Dünyanın sonundaki Şili fiyortları veya gezegen labirenti

Anonim

Alberto de Agostini Ulusal Parkı

Alberto de Agostini Ulusal Parkı

Bir süre önce şunu yazmıştım: "iki Patagonyalar : bir –Arjantin– düz, kurak, neredeyse sonsuzdur. Diğeri –Şili– şiddetli, pürüzlü, hayat dolu ". Gezegendeki en muhteşem rotalardan biri hakkında konuşmak için yaptım: Carretera Austral. O zaman hikayemde daha ileri gitmek, üstesinden gelmek istedim. Koyu Tortel , yolun güney sınırında binlerce yürüyüş yolu bulunan kasaba, mümkünse daha da vahşi bir bölge gösteriyor.

Bugün nihayet bunu söyleme günü geldi. Dünyanın sonundaki Şili fiyortları hakkında , gezegendeki en büyüleyici yerlerden biri.

ŞİLİ'NİN GÜNEYİNDE BİR LABİRENT

Gökyüzünden bakıldığında, öyle görünüyor sanki yer yarıldı . Bu, binlerce kilometreden fazla uzanan bölgedir. Caleta Tortel'den Cape Horn'a , Amerika kıtasının güney ucunda. Bu, güney Şili'deki kanalların ve fiyortların deniz ekolojik bölgesi, otantik (ve boktan) bir gezegen labirenti olarak adlandırılan sistemdir.

Caleta Tortel'den başlıyoruz

Caleta Tortel'den başlıyoruz

Macellan/Elcano seferinin uzun süredir ıstırap çeken denizcileri de bunu düşünmüş olmalı – “berbat” şey, gezegenin çevresini ilk dolaşan ve aynı şekilde, Kasım 1520'de bu deniz kanalları arapsaçını geçerken. Gerçekte, sadece bir kısmını yelken açsalar da, yolculuklarına devam etmek için buldukları kısayol sayesinde, Macellan Boğazı.

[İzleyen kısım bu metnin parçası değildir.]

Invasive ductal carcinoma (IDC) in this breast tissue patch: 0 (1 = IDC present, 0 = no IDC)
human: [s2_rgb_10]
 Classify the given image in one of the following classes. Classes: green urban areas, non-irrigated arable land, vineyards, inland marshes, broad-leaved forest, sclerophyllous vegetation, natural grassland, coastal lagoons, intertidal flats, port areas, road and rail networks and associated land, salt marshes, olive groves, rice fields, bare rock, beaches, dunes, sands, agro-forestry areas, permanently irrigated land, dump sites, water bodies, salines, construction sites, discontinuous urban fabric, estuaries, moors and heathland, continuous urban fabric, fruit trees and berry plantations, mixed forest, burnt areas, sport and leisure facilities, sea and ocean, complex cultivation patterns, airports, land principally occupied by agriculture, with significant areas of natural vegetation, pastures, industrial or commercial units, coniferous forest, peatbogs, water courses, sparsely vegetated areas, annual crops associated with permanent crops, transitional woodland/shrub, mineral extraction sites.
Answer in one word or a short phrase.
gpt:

Bu boğazın güneyinde, Avrupalılar hala dağlar, denizler ve buzullardan oluşan bir labirentten geçmek zorundaydılar. Alberto de Agostini Ulusal Parkı – ve dünyanın bu bölgesinin diğer büyük boğazı: Beagle veya Onashaga kanalı , bölgenin asıl sakinlerinin ona atıfta bulunduğu isim. İlk kez bir Avrupa gemisi olan Beagle of the Beagle tarafından denize açılması 300 yıldan fazla sürdü. Binbaşı Robert Fitz-Roy , 1830'da onu geçti.

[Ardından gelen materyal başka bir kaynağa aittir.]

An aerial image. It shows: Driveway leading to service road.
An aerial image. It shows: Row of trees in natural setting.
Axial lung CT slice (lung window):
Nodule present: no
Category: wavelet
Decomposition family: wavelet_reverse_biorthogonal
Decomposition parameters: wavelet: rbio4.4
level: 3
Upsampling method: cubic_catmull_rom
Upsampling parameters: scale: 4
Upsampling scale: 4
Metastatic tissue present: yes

Öyle olsa bile, Macellan Boğazı'nın güneyindeki -sözde Fuegian kanalları- bu bölge çok büyük bir alanı kaplasa da, bütünün ancak üçte birini kaplar. Kuzeye doğru ve Caleta Tortel'e kadar kalan üçte ikisi genişler, bronş ağaçları gibi dallara ayrılan karmaşık bir fiyort ve kanal sistemi . Bu topraklar, bugün işgal edilen topraklardır. Kawésqar Ulusal Parkı ve Bernardo O'Higgins Ulusal Parkı . İkincisi, muazzam bir alandır. güney patagonik buz Antarktika ve Grönland'dan sonra dünyanın üçüncü büyük kıtasal buz uzantısı. 16.800 km²'lik bir alana sahip olan güney tarlası, uzaydan da dahil olmak üzere toplam 49 buzulun koptuğu muazzam bir öncü olarak görülebilir. Perito Moreno , büyük ile karşılaştırıldığında grubun en küçüklerinden biri Viedma , 978 km² veya Pius XI , 1265 km²– ile Antarktika dışındaki güney yarım kürenin en büyüğü.

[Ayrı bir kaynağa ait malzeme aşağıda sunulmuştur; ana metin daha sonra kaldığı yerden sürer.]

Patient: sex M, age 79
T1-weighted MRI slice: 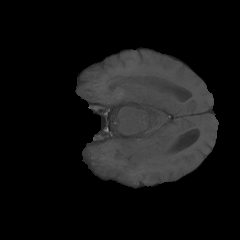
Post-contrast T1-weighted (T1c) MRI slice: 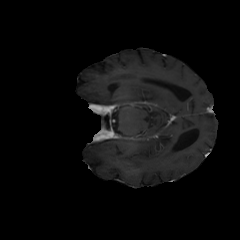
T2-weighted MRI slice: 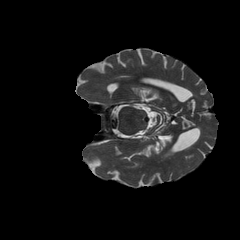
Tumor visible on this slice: no
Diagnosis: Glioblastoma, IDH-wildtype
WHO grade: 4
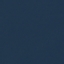
Label: SeaLake
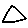
Label: triangle

Ancak bu veriler şok ediciyse, tüm bunların olduğunu bilmek daha da şok edicidir. misafirperver olmayan bölge, yüzyıllardır çeşitli yerli halklar tarafından iskan edilmiştir. Avrupalılar heybetli karavelleriyle gelmeden çok önce. Bu halklar Kawésqar ve Yaganelerdir ve hafızaları deniz, rüzgar ve kara ile birleşir.

Antarktika dışındaki güney yarım kürenin en büyüğü olan Pío XI Buzulu

Antarktika dışındaki güney yarım kürenin en büyüğü olan Pío XI Buzulu

DÜNYANIN SONUNDAKİ FİORDS İNSANLARI

Film yönetmeni ne zaman Patrick Guzman film çekmek için güney Şili'nin kanallarına girdi inci düğme annesi , iki düğmenin hikayesini arayarak yaptı. Onlardan biri okyanustan kurtarılan bazı raylara gömülü bir gömlek düğmesi sırasında denize atılan sayısız cesetten birine aitti. Pinochet diktatörlüğü . Diğeri çok daha yaşlıydı ve Guzmán bunu tarihin en ünlü seyahat günlüklerinden biri aracılığıyla öğrendi: Charles Darwin'in Kaptan Fitz-Roy's Beagle ile dünya turu.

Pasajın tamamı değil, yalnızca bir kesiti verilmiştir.